## Aim of the exercise:
Look through the data below for the line with "poprzez ryczałt, który" and the line with "algo importante negativo", then transcribe exactly from the first through the second, leaving out all pictures.

## Supplied records:
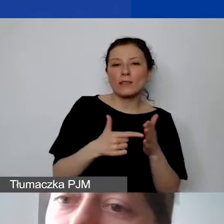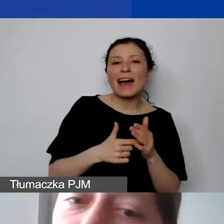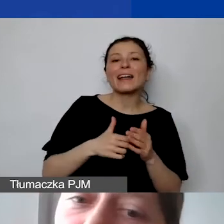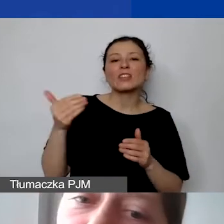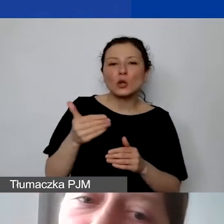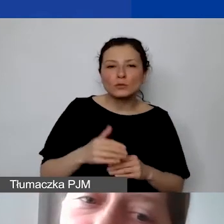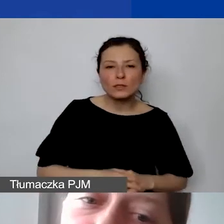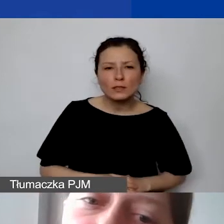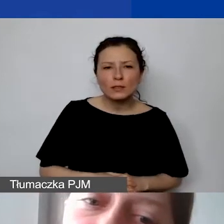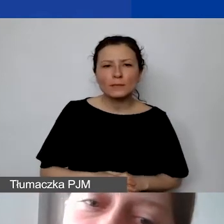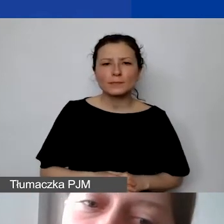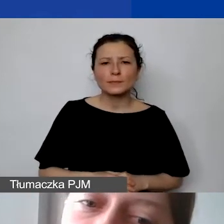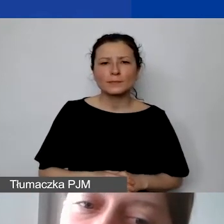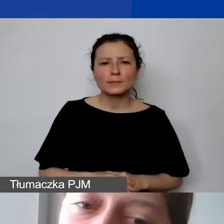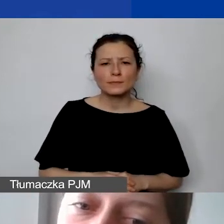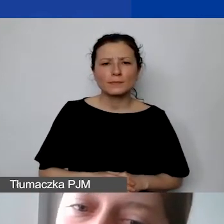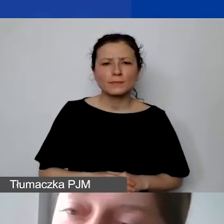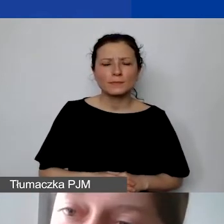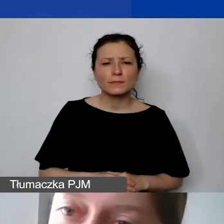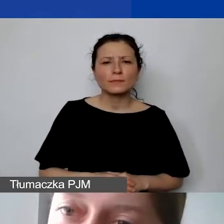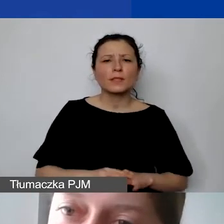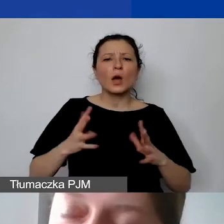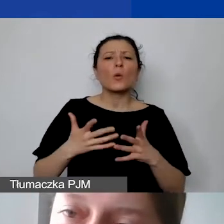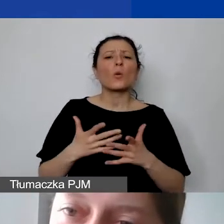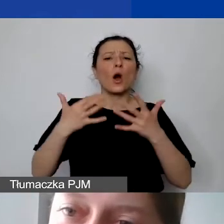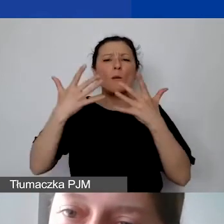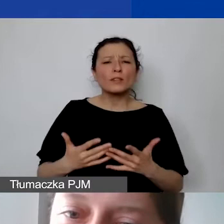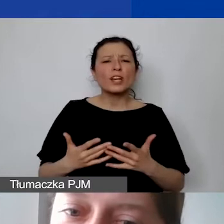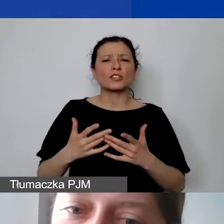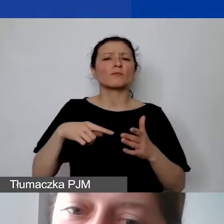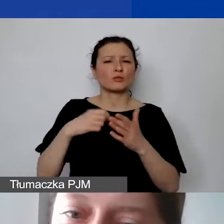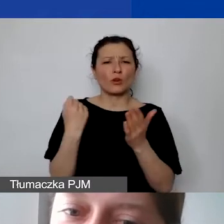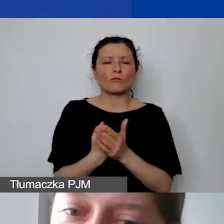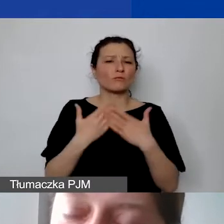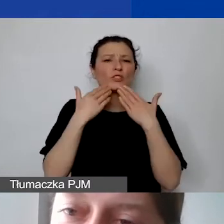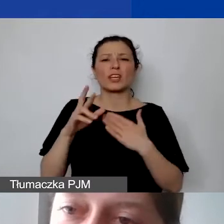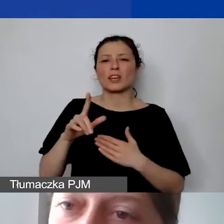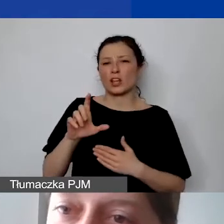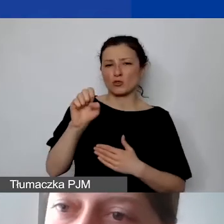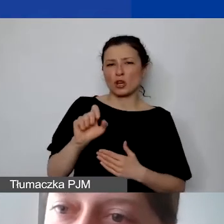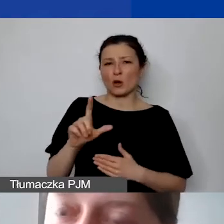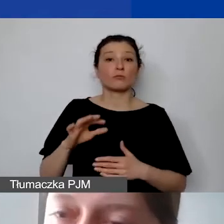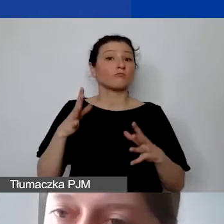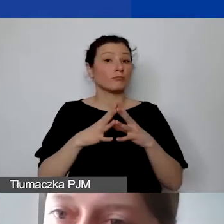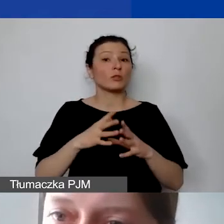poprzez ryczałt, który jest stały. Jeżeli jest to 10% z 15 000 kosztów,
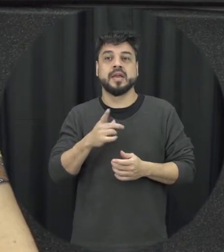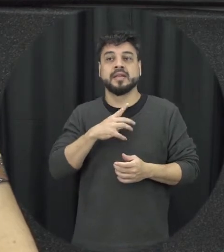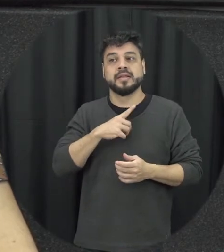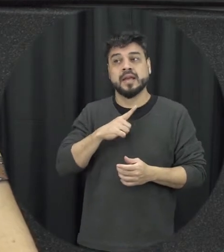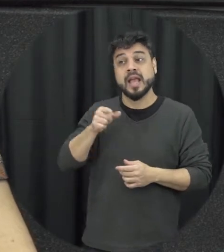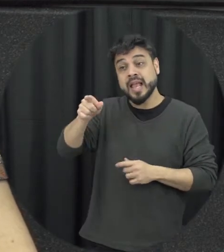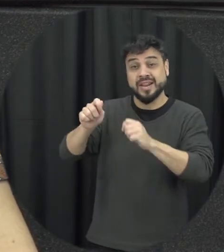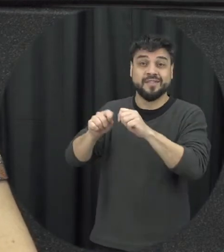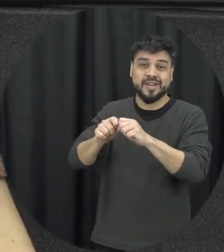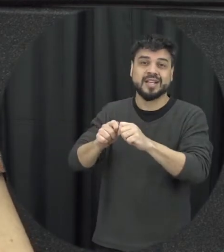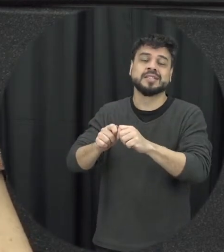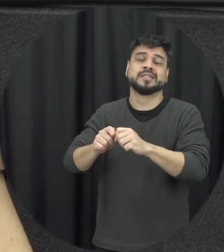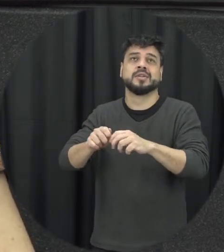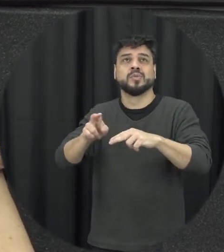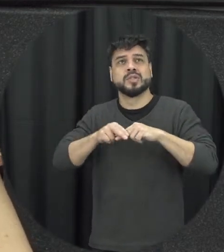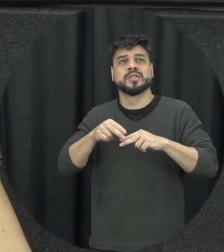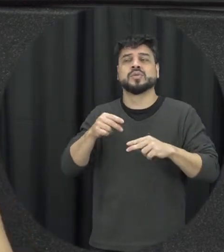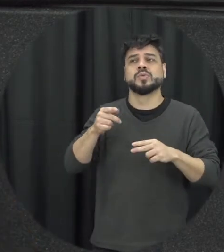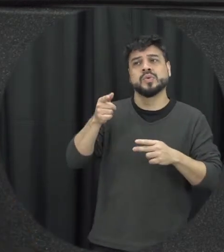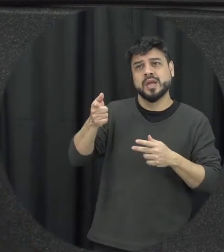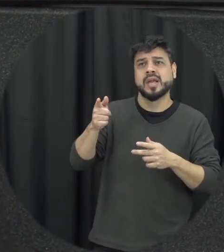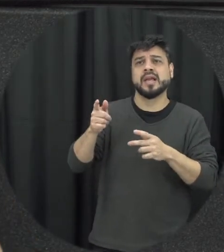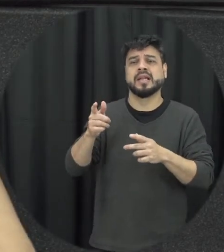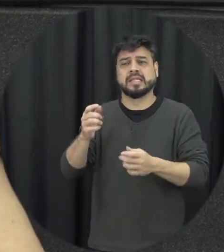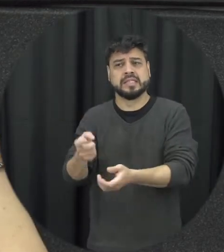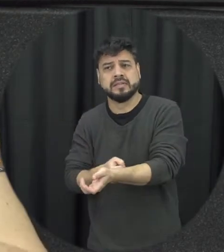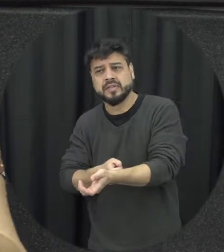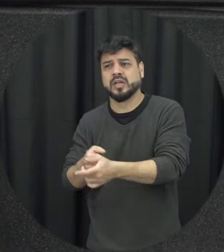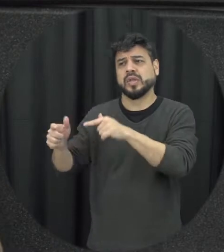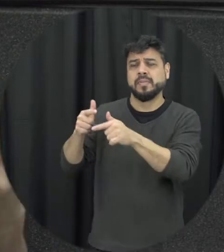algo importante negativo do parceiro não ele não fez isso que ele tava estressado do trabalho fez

==

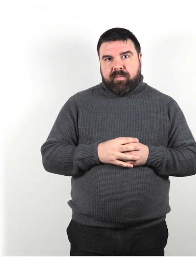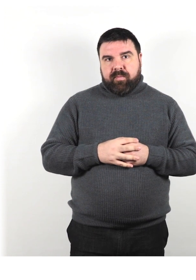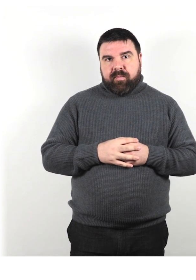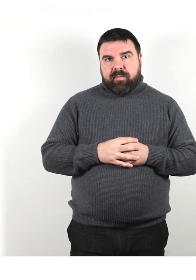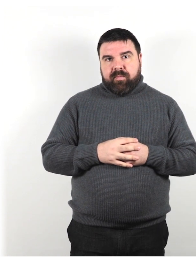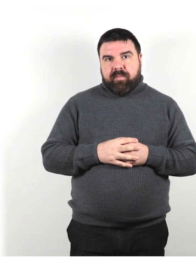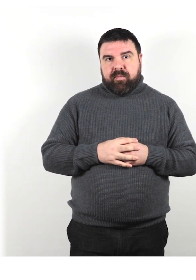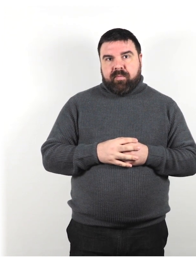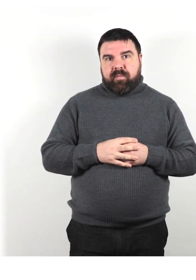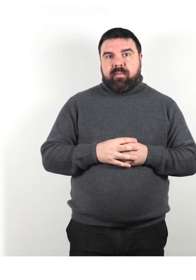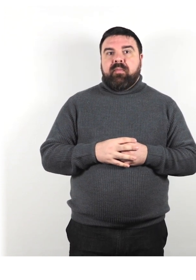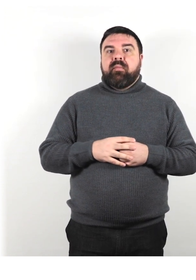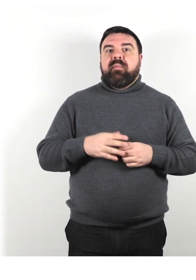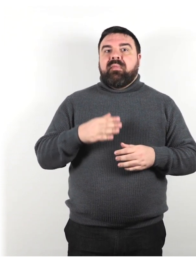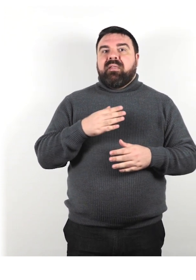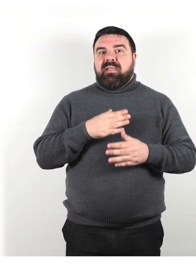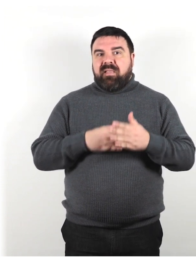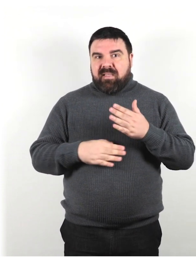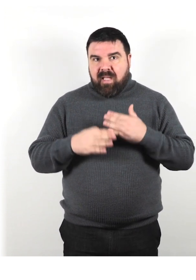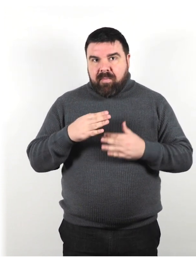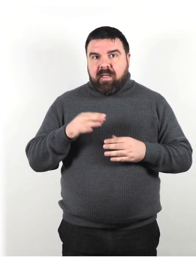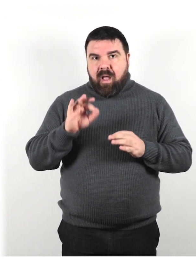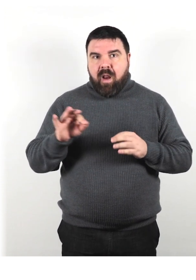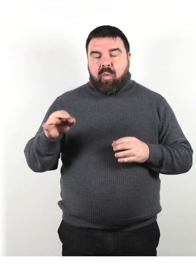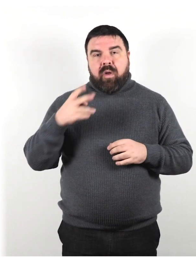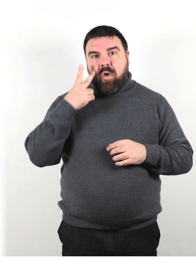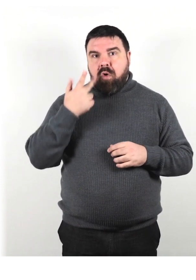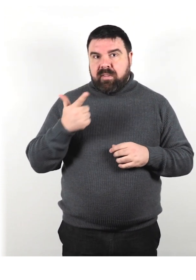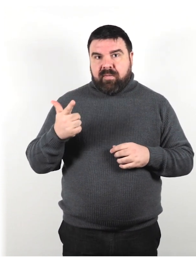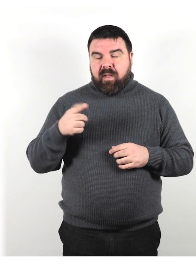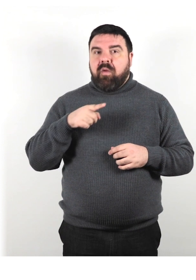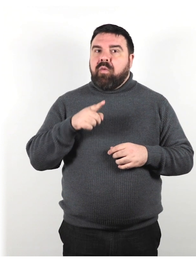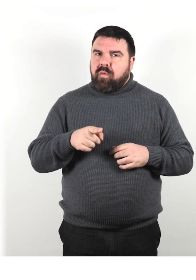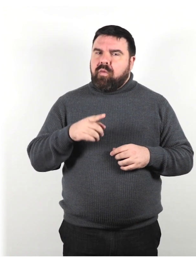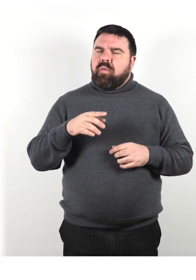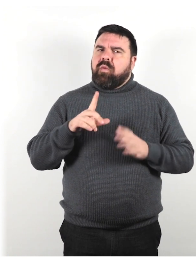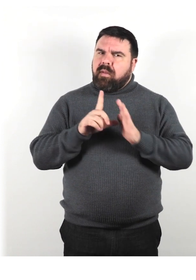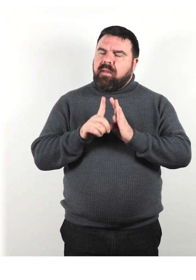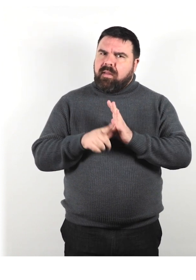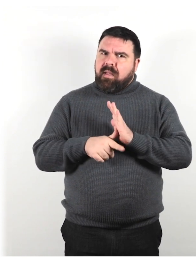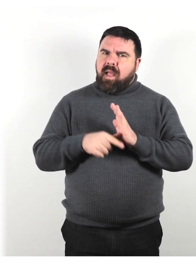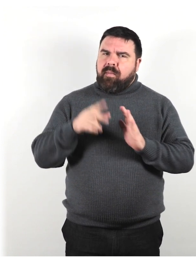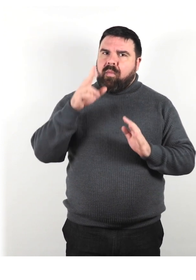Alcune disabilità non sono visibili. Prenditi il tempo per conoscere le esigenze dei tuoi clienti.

--

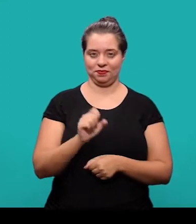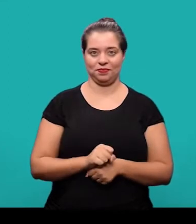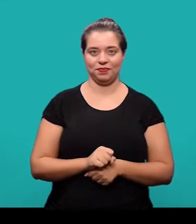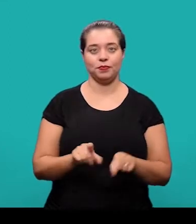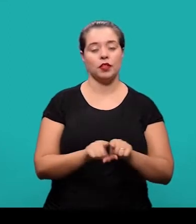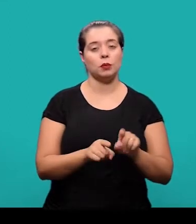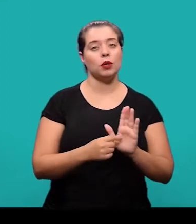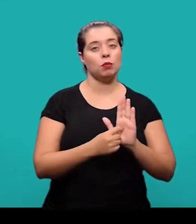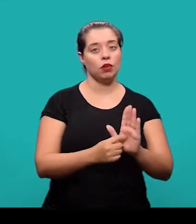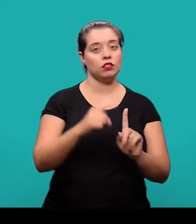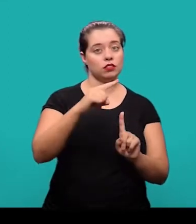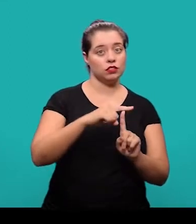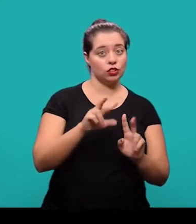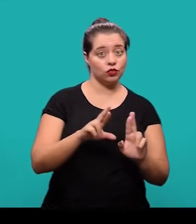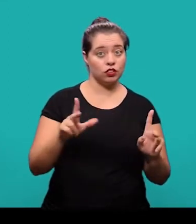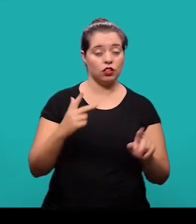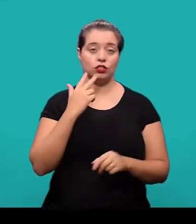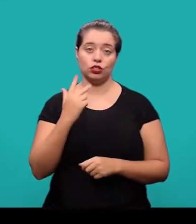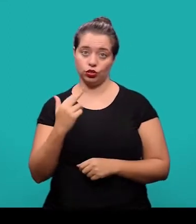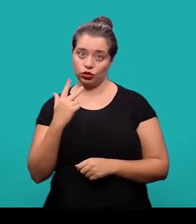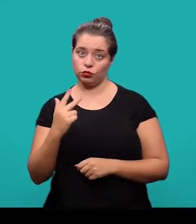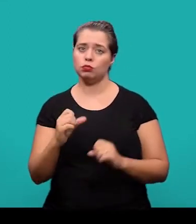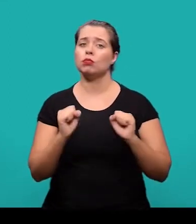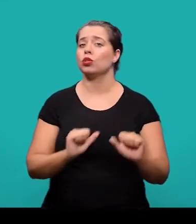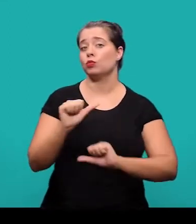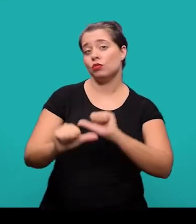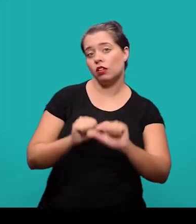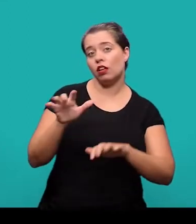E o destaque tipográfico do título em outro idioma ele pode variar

## Answer:
poprzez ryczałt, który jest stały. Jeżeli jest to 10% z 15 000 kosztów,
algo importante negativo do parceiro não ele não fez isso que ele tava estressado do trabalho fez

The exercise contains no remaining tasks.